Some concerns about juries have been recognised with the proposal to move from a simple majority to a weighted majority, but we do not believe this is sufficient to remove the risks created by abolishing corroboration. Everyone wants a criminal justice system that is modern, fair and effective. Equally, it is important to recognise that corroboration is a fundamental principle of that system rather than an antiquated, outmoded legal notion. Just because corroboration is a distinctive feature of our system and not of many others, does not mean that it is wrong and should be washed away.
The Senators of the College of Justice, Faculty of Advocates and Scottish Law Commission have all urged that corroboration is retained – at least until there has been a proper examination of its place within, and implications of its removal on, the criminal justice system as a whole.
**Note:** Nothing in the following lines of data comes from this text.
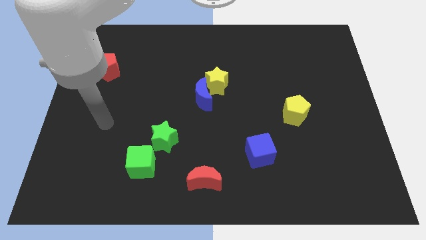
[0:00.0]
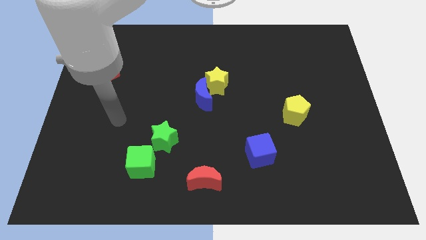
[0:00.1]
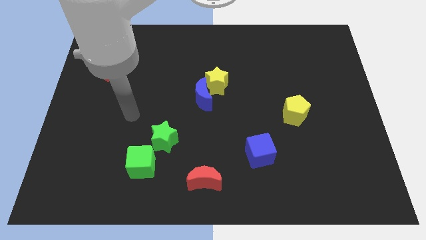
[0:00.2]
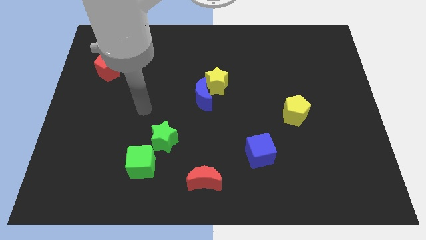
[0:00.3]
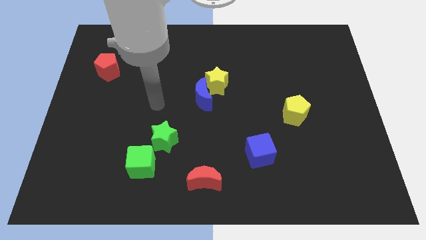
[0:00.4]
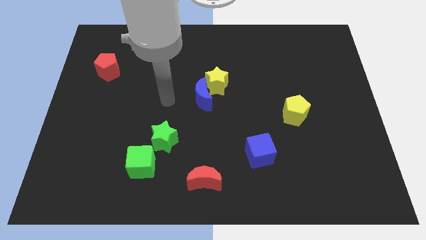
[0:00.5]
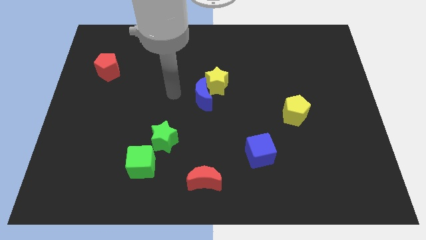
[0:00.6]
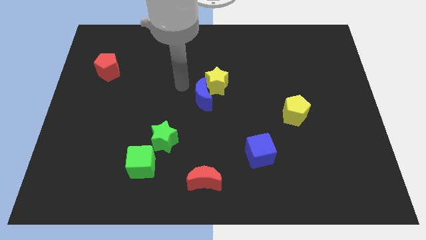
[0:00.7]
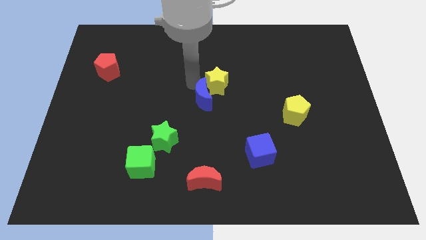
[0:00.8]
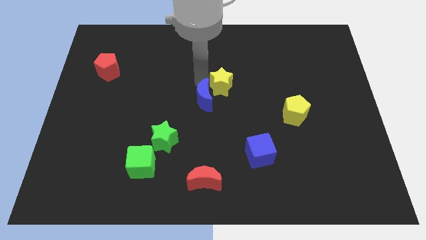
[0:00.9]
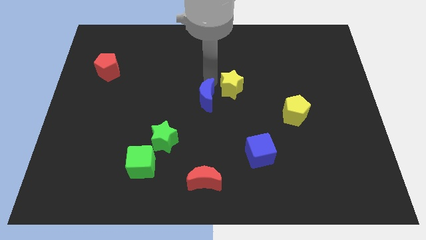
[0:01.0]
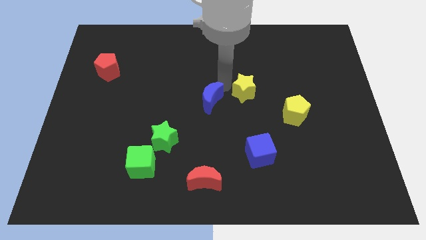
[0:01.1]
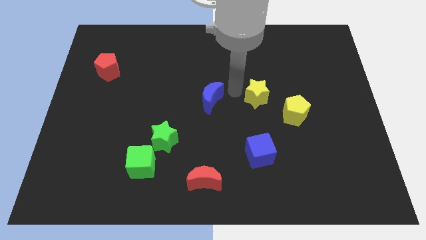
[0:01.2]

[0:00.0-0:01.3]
separate the blue moon from the yellow star

The Society is considering the bill in detail and will seek assurances that removing the need for corroboration will not lead to a deficiency in either the quality or sufficiency of evidence presented in court.
They consult, we consult
Also at Holyrood, the Scottish Parliament passed its first tax bill in more than 300 years. The introduction of the land and buildings transaction tax to replace stamp duty land tax was welcomed by the Society. However, we have asked for clarification on a number of points. As it is the first substantial tax introduced by the Parliament, the experiences and knowledge of solicitors will no doubt play a key role in developing a system that is fair and understandable for taxpayers, as well as being accessible, slick and easy to use for solicitors.
There continue to be some very significant changes in prospect on the justice agenda at Westminster too. The UK Government has to decide, by next May, whether to opt out en bloc of 130 police and criminal justice measures in the EU treaties. Included within these measures are essential weapons in the cross border crimefighting armoury such as the European arrest warrant. There would of course be the option of “opting back in” to an undisclosed number of measures, which would potentially require individual – and therefore lengthy, costly and uncertain – negotiation. For my part I would rather have a large box of Thorntons premium selection (not all of which I would like), than a small handful of Woolworths pick and mix (all of which I think I might like, at least at the time).
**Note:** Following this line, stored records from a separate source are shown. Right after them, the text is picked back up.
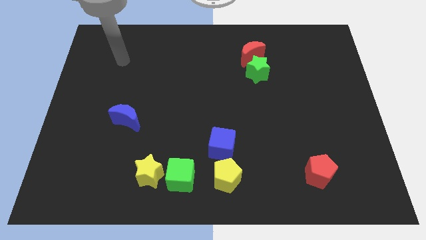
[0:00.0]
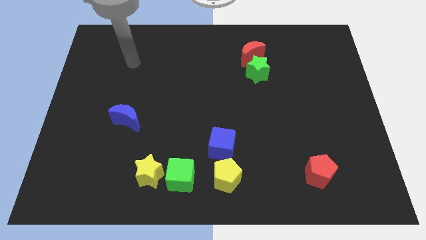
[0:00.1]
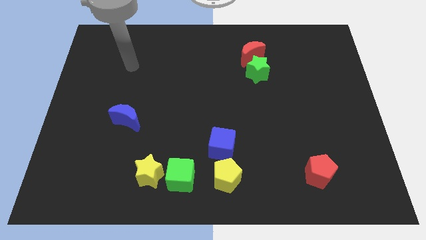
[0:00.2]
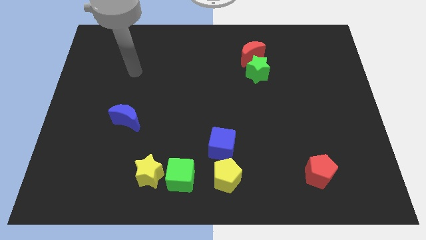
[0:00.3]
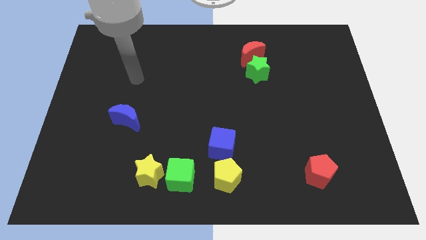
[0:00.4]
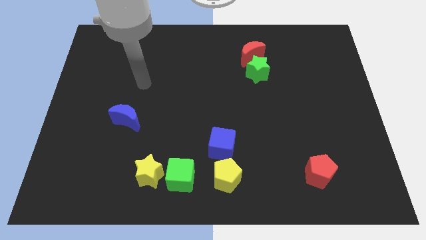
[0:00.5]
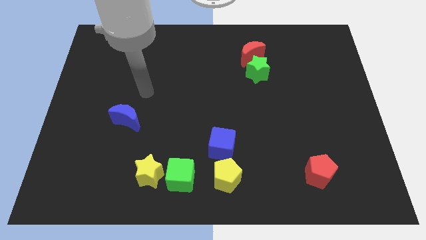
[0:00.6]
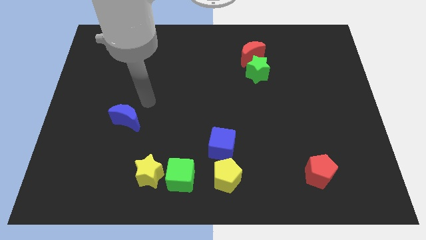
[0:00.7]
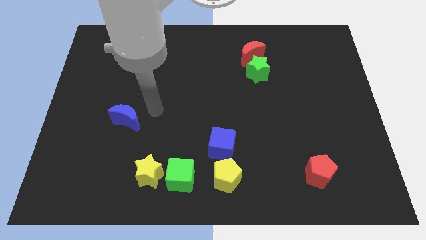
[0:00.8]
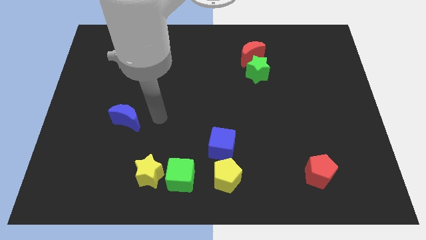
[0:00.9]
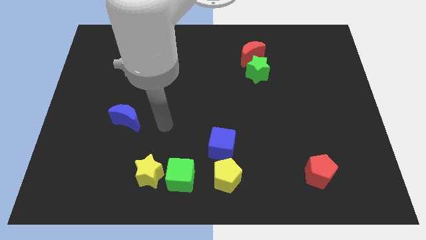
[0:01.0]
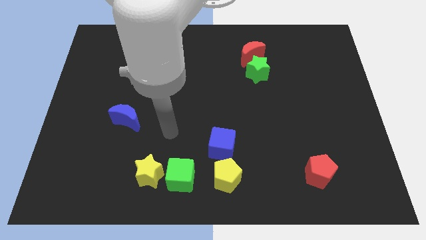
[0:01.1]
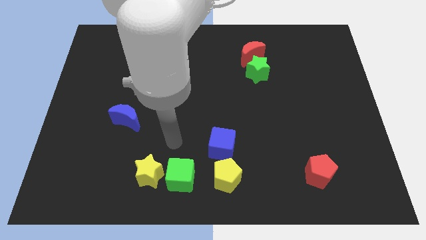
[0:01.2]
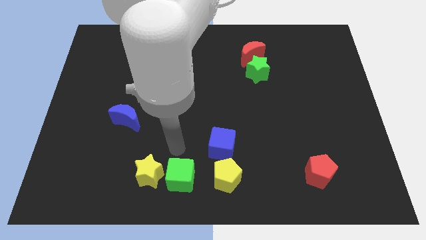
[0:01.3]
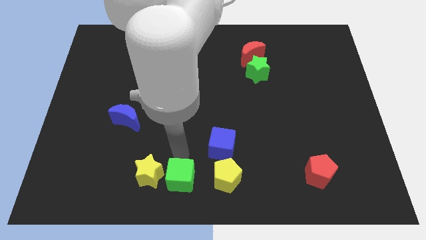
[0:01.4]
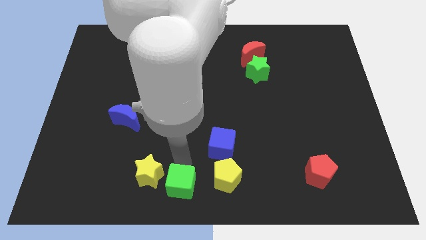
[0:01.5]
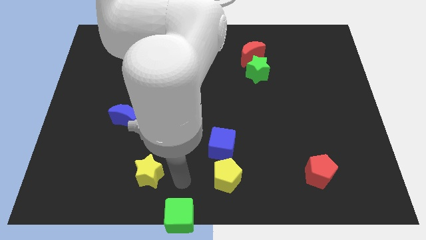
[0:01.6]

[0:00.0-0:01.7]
pull the yellow star apart from the green cube

The matter was discussed at a House of Lords EU Committee seminar; great quality of input and a privilege to attend, but a really worrying lack of clarity on the part of the minister as to exactly how and when consultation would take place on what will be a fundamentally important issue, and one on which a decision must be taken in only a few months. I am left clinging to the fervent hope that this will not be a politically motivated decision but one taken after the necessary weight of consultation and deliberation. If there remains sufficient time…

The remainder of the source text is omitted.